### First we read the data and clean it

Imports

In [73]:
# !pip install pyarabic
# !pip install qalsadi
# !pip install farasapy
# !pip install diacritization_evaluation
# !pip install nltl
# !pip install tensorflow

In [74]:
# !pip install pytorch

In [75]:
import pandas as pd
import numpy as np
import matplotlib.pyplot as plt
import re
from pyarabic.araby import strip_tashkeel


Helper Functions

In [76]:
def replace_unicode_sequences(arabic_words: list) -> list:
    res = []
    for word in arabic_words:
        new_word = word
        if '\u0651\u064B' in new_word:
            new_word = (re.sub(r'\u0651\u064B', '١', new_word))
        if '\u0651\u064C' in new_word:
            new_word = (re.sub(r'\u0651\u064C', '٢', new_word))
        if '\u0651\u064D' in new_word:
            new_word = (re.sub(r'\u0651\u064D', '٣', new_word))
        if '\u0651\u064E' in new_word:
            new_word = (re.sub(r'\u0651\u064E', '٤', new_word))
        if '\u0651\u064F' in new_word:
            new_word = (re.sub(r'\u0651\u064F', '٥', new_word))
        if '\u0651\u0650' in new_word:
            new_word = (re.sub(r'\u0651\u0650', '٦', new_word))
        res.append(new_word)
    return res

def replace_unicode_sequences_in_sentence(sentence: str):
    words = sentence.split()
    replaced_words = replace_unicode_sequences(words)
    return ' '.join(replaced_words)


In [77]:
def segment_words(words: list) -> list:
    res = []
    for word in words:
        if len(word) == 1:
            res.append('S')
        else:
            new_word = ''
            new_word += 'B'
            for i in range(1, len(word)-1):
                new_word += 'I'
            new_word += 'E'
            res.append(new_word)
    return res


Setup

In [78]:
# file_path = './Dataset/train.txt'

# # Read Arabic text from the file
# with open(file_path, 'r', encoding='utf-8') as file:
#     arabic_text_from_file = file.read()
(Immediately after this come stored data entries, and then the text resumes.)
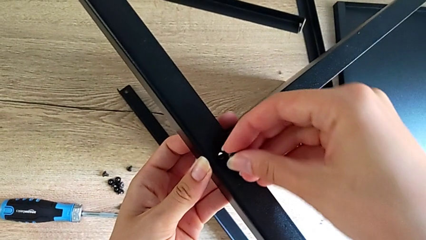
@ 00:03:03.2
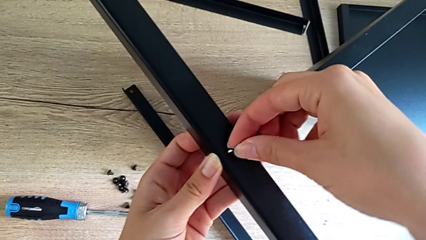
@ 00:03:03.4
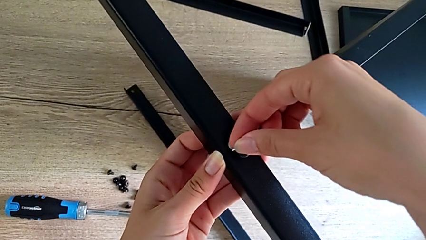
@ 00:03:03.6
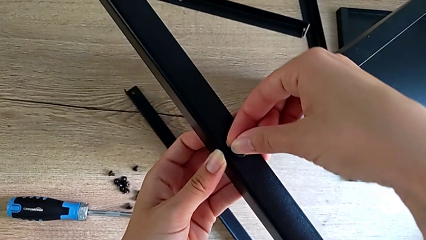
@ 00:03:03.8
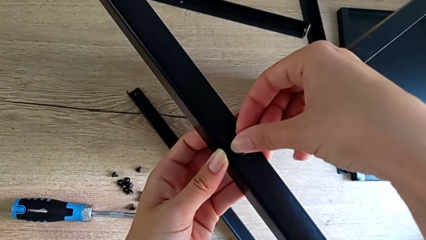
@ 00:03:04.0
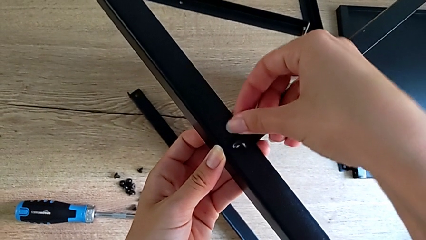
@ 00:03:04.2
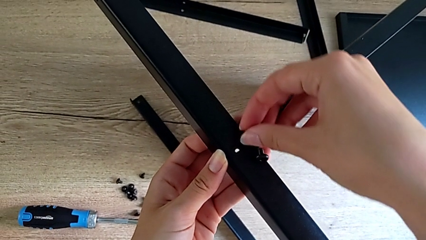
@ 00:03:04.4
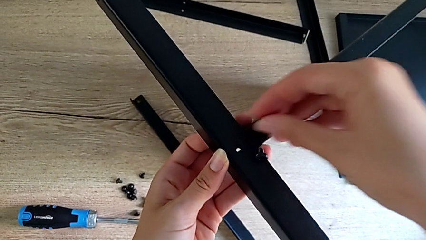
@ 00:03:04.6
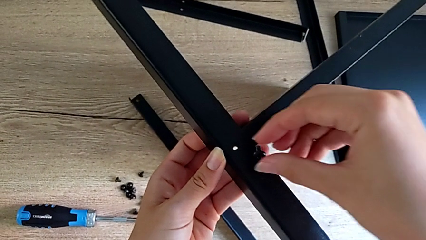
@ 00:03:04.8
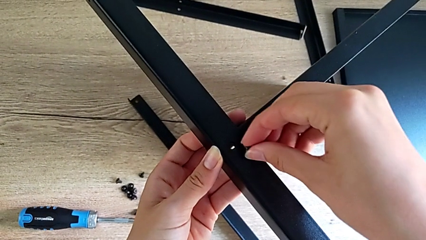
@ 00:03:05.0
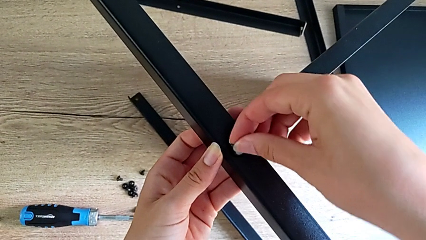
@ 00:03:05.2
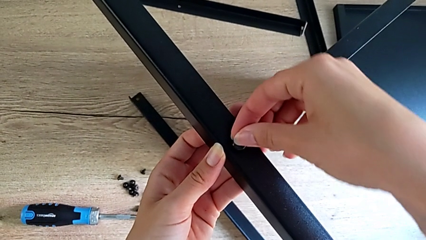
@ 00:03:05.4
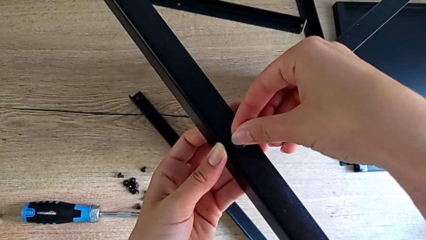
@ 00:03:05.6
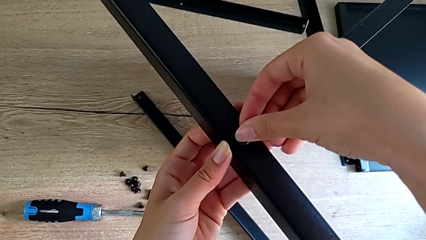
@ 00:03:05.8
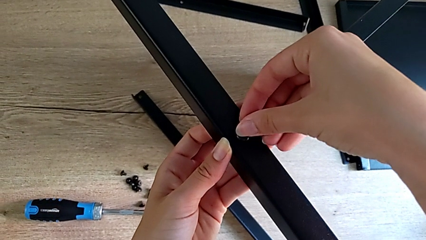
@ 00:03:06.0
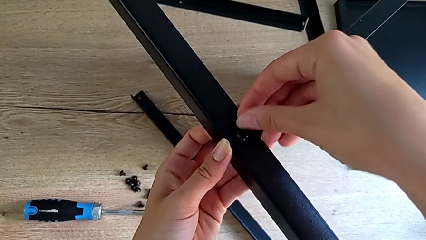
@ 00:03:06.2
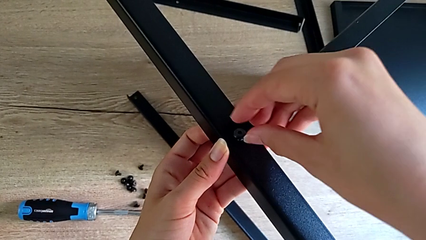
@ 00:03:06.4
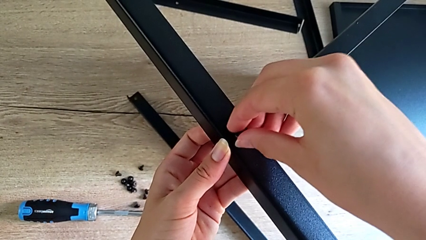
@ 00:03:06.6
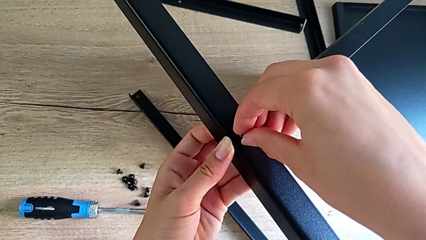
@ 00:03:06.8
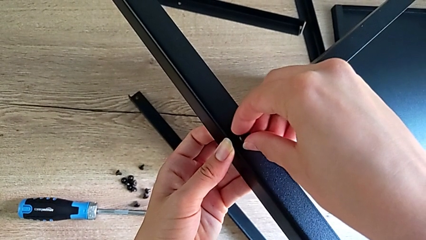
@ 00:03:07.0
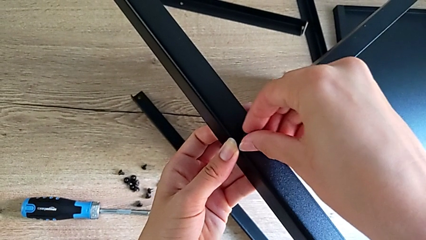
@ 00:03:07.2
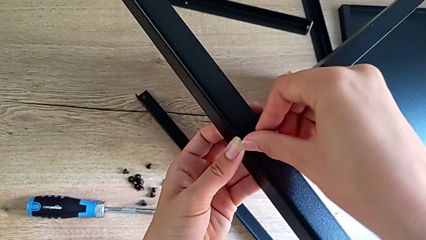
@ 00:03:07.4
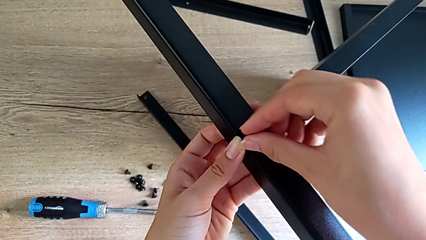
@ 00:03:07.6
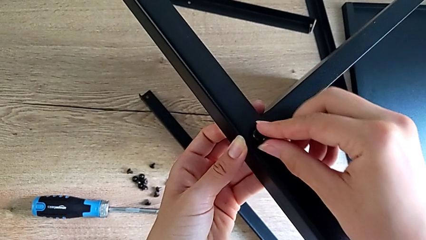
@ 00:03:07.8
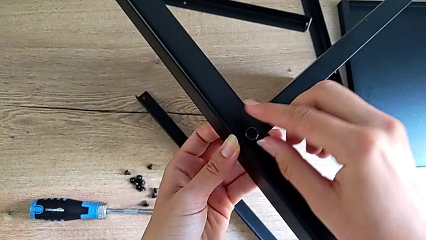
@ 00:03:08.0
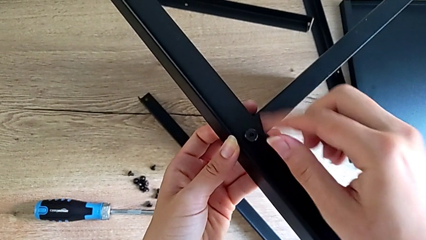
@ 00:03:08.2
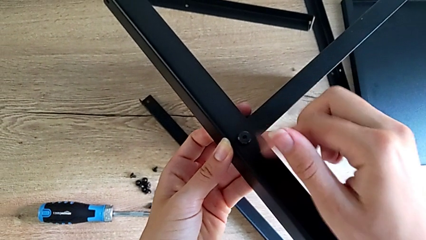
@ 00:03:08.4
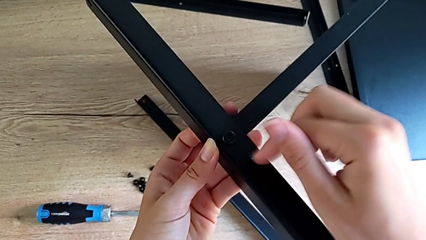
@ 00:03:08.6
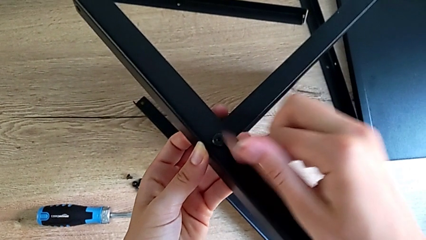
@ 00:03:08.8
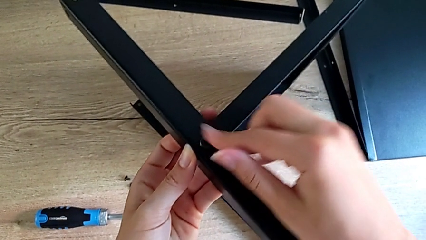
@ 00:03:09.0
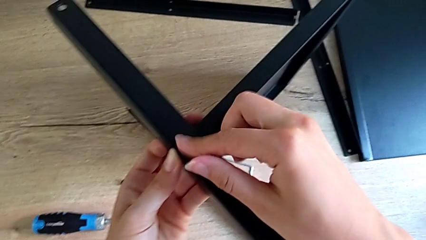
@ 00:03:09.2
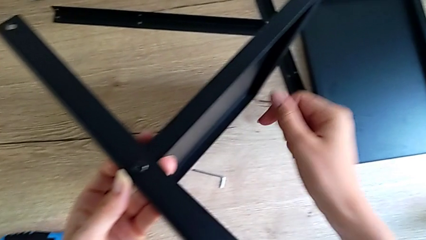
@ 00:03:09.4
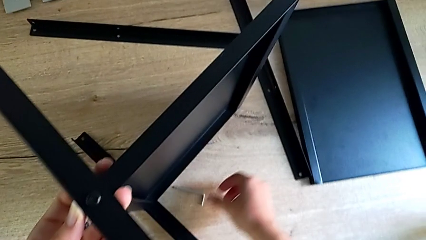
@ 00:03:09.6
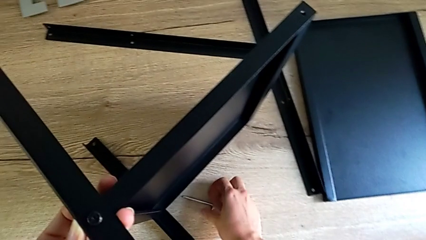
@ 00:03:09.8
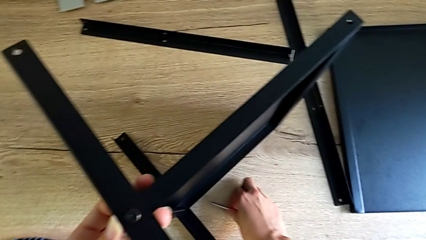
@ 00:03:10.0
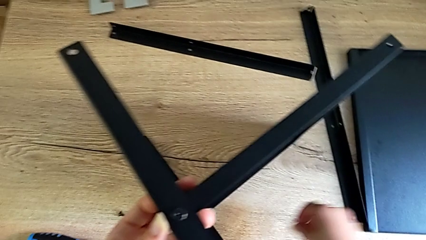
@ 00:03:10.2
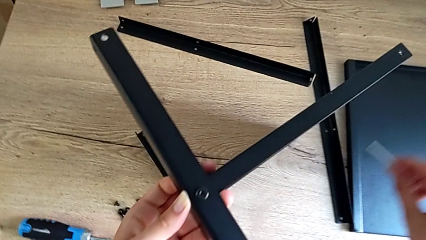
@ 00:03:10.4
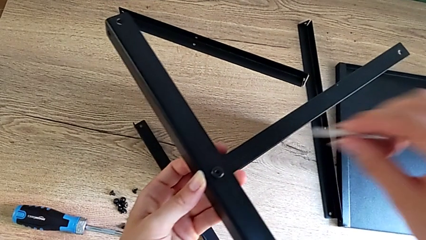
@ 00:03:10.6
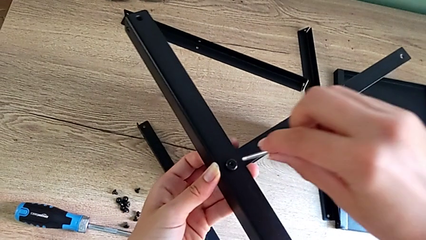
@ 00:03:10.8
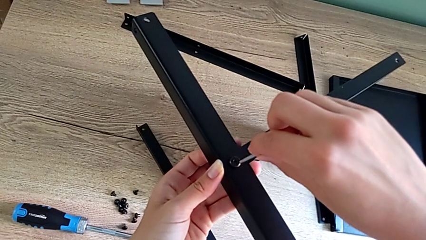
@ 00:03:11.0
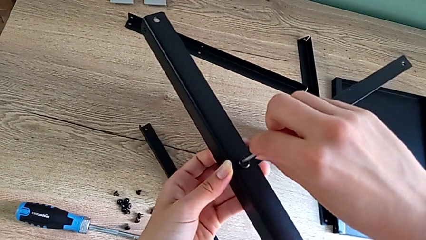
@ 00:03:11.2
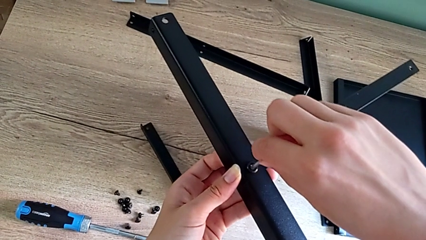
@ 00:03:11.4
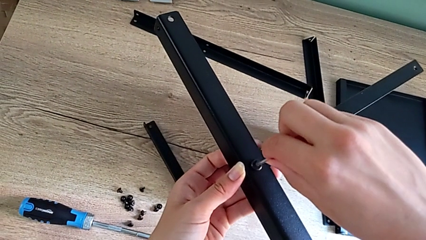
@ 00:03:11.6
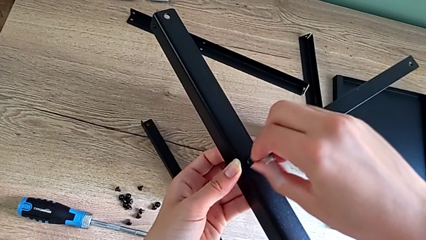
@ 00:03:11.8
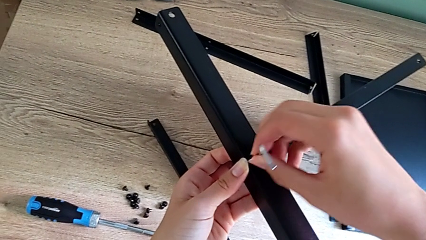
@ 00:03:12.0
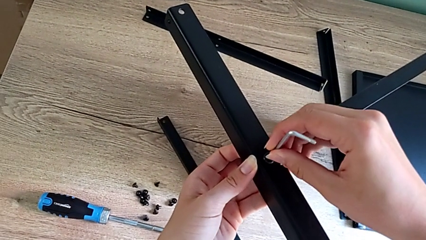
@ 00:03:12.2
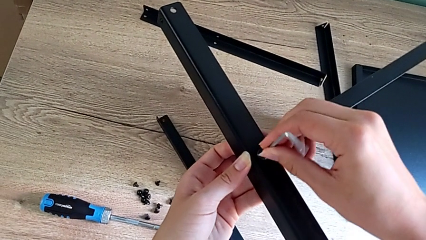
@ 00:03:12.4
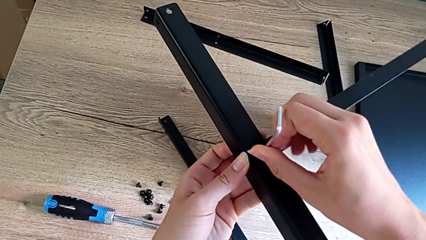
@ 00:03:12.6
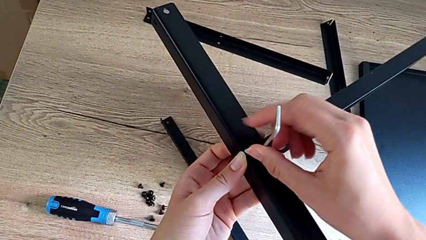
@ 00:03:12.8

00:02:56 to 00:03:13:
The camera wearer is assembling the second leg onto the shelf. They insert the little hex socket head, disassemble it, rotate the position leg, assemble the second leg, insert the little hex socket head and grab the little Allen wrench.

# #print(arabic_text_from_file)

# #Split the text into words
# arabic_words = arabic_text_from_file.split()

# #remove brackets, commas, dots, numbers using regex
# arabic_words = [re.sub(r'[^\u0600-\u0660\.]+', '', word) for word in arabic_words]
# stop_symbols = ['.', '،', '؟', '؛', '!', ':','...', '?.']
# arabic_words = [word for word in arabic_words if word and (len(word) > 1 or word in stop_symbols)]

In [79]:
# with open('./Dataset/words.txt', 'w', encoding='utf-8') as file:
#     for word in arabic_words:
#         file.write(word + '\n')

# #join the words into a string and split them according to sentences that end with a dot, question mark, or exclamation mark
# arabic_sentences = ' '.join(arabic_words)
# arabic_sentences = re.split(r'[\.\u061B\u061F]', arabic_sentences) 
# arabic_sentences = [sentence for sentence in arabic_sentences if sentence]

# with open('./Dataset/sentences.txt', 'w', encoding='utf-8') as file:
#     for sentence in arabic_sentences:
#         file.write(sentence + '\n')


Words without tashkeel

In [80]:
# arabic_words_without_punc = [re.sub(r'([^\u0600-\u0660\.]+)|[،\.\u061A-\u061F]+', '', word) for word in arabic_words]
# arabic_words_without_punc = [word for word in arabic_words_without_punc if word and (len(word) > 1 or word in stop_symbols)]
# arabic_words_without_punc = list((strip_tashkeel(word) for word in arabic_words_without_punc)) 

# with open('./Dataset/WordsWithoutTashkeel.txt', 'w', encoding='utf-8') as output_file:
#     for word in arabic_words_without_punc:
#         output_file.write((word) + '\n')

# with open('./Dataset/SentencesWithoutTashkeel.txt', 'w', encoding='utf-8') as output_file:
#     for sentence in arabic_sentences:
#         output_file.write(strip_tashkeel(sentence) + '\n')


In [81]:
# res = replace_unicode_sequences(arabic_words)
# print(len(res))
# with open('./Dataset/words_new_approach.txt', 'w', encoding='utf-8') as file:
#     for word in res:
#         file.write(word + '\n')

In [82]:
# #join the words into a string and split them according to sentences that end with a dot, question mark, or exclamation mark
# arabic_sentences = ' '.join(res)
# arabic_sentences = re.split(r'[\.\u061B\u061F]', arabic_sentences) 
# arabic_sentences = [sentence for sentence in arabic_sentences if sentence]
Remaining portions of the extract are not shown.